Diagram of K-9 rover system diagnosis.

The approach we take to producing probabilistic diagnoses of hybrid systems is a form of Bayesian belief updating—we maintain a probability distribution that represents our belief about the state of the system, given all the telemetry seen so far, and update that distribution whenever new telemetry arrives to reflect the new evidence. Because doing this exactly is intractable for the kinds of systems we are interested in, we approximate it using particle filtering algorithms.

Right: Diagram of K-9 rover system diagnosis.

Particle filtering is a Monte Carlo approach to state estimation that is extensively used in signal processing, and more recently in robot localization algorithms such as SLAM. It works by representing the probability distribution over the states of the system as a set of samples, each of which represents a possible state of the complete system. When new telemetry arrives, each sample randomly predicts a possible future state, and is then compared with the observation. Samples which are inconsistent with the observation are discarded, and are replaced at the next step by samples that do predict the observation well.

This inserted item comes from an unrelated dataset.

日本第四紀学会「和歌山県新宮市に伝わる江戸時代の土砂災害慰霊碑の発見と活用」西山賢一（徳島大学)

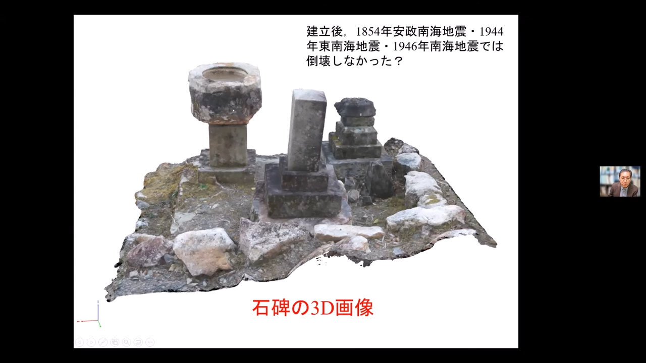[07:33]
この左にあるのがこの器なんですが、2002年にはこの状態にあった。ということは、安静南海地震とか昭和地震の時には不安定な石に見えるのですが、崩れ落ちずにこのままあったんだろうと思います。

We have developed a number of innovative extensions to the basic particle filtering algorithm specifically to address the special characteristics of diagnosis problems, and to make the algorithms suitable for running on-board typical space platforms with their limited computational and memory resources. We have demonstrated the approach on the K-9 rover test bed and shown that we can accurately track the discrete state of the system in extremely noisy data, and can also reliably estimate continuous parameters of the system, even when those parameters are gradual system faults that cannot be directly observed.

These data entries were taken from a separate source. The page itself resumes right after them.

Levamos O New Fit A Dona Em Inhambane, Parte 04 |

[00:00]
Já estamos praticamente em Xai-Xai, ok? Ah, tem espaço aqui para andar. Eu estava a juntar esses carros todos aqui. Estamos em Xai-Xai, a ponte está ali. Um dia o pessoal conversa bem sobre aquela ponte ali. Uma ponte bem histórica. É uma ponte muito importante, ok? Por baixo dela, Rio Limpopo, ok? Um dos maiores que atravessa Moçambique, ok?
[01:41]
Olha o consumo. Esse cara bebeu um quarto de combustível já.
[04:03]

Diagnosis is an important technology for many of the vehicles and systems relevant to the Exploration Vision. For autonomous systems such as planetary rovers, it provides state estimates that are used to decide appropriate courses of action. For future space and lunar habitats it can allow crew to spend far less time finding and repairing faults by identifying them automatically, resulting in much greater crew productivity than on, for example, the International Space Station. Diagnosis can also provide estimates of component performance or wear that can be used to reduce vehicle turnaround times by providing prognostic information about which subsystems to replace or repair, and which should continue to function normally.

Traditional approaches to diagnosis, such as Livingstone, build a discrete model of the system being diagnosed, and compare predictions from that model with discretized sensor inputs to determine when the behavior of the system does not match that of the model. These ‘conflicts’ are then used to search for other model states (usually faults) that do match system behavior correctly. For many systems, particularly digital systems, this approach is very effective, and Livingstone has been applied successfully in many domains, including the Remote Agent Experiment that flew on the Deep Space 1 mission.

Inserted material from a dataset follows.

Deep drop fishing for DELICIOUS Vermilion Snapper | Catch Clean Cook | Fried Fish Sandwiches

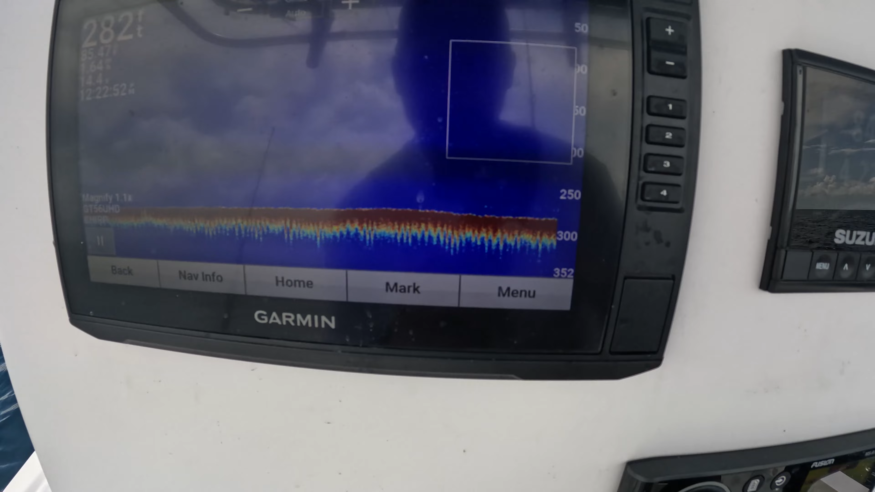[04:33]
See those little baby marks on the bottom. That's our vermilions.
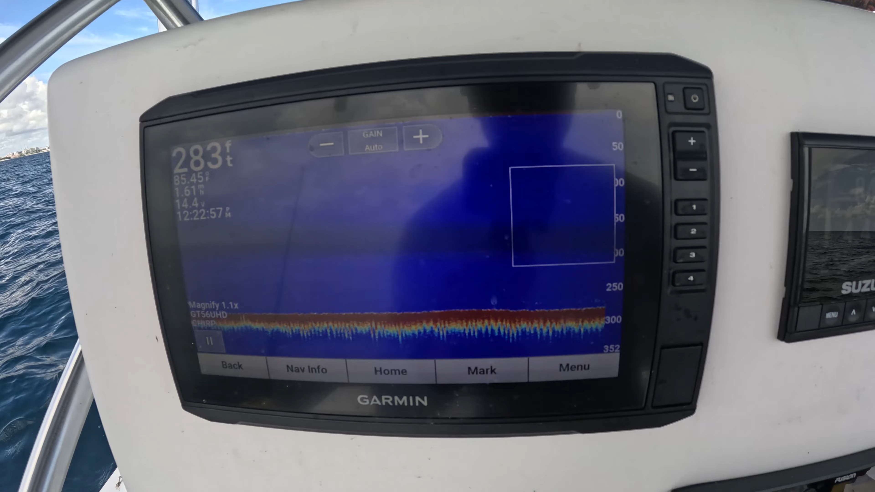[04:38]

Unfortunately, the discrete approach of Livingstone is unsuitable for a large class of systems that cannot be easily parsed. An example of such a system is a planetary rover, in which the interaction between the rover and its environment makes discretization almost impossible. Another is life-support systems, or almost any system where quantitative information is important. We represent these systems quantitatively, typically with differential equation models, and have developed appropriate tools for tracking both the continuous state of these systems, and their discrete system modes (typically faults).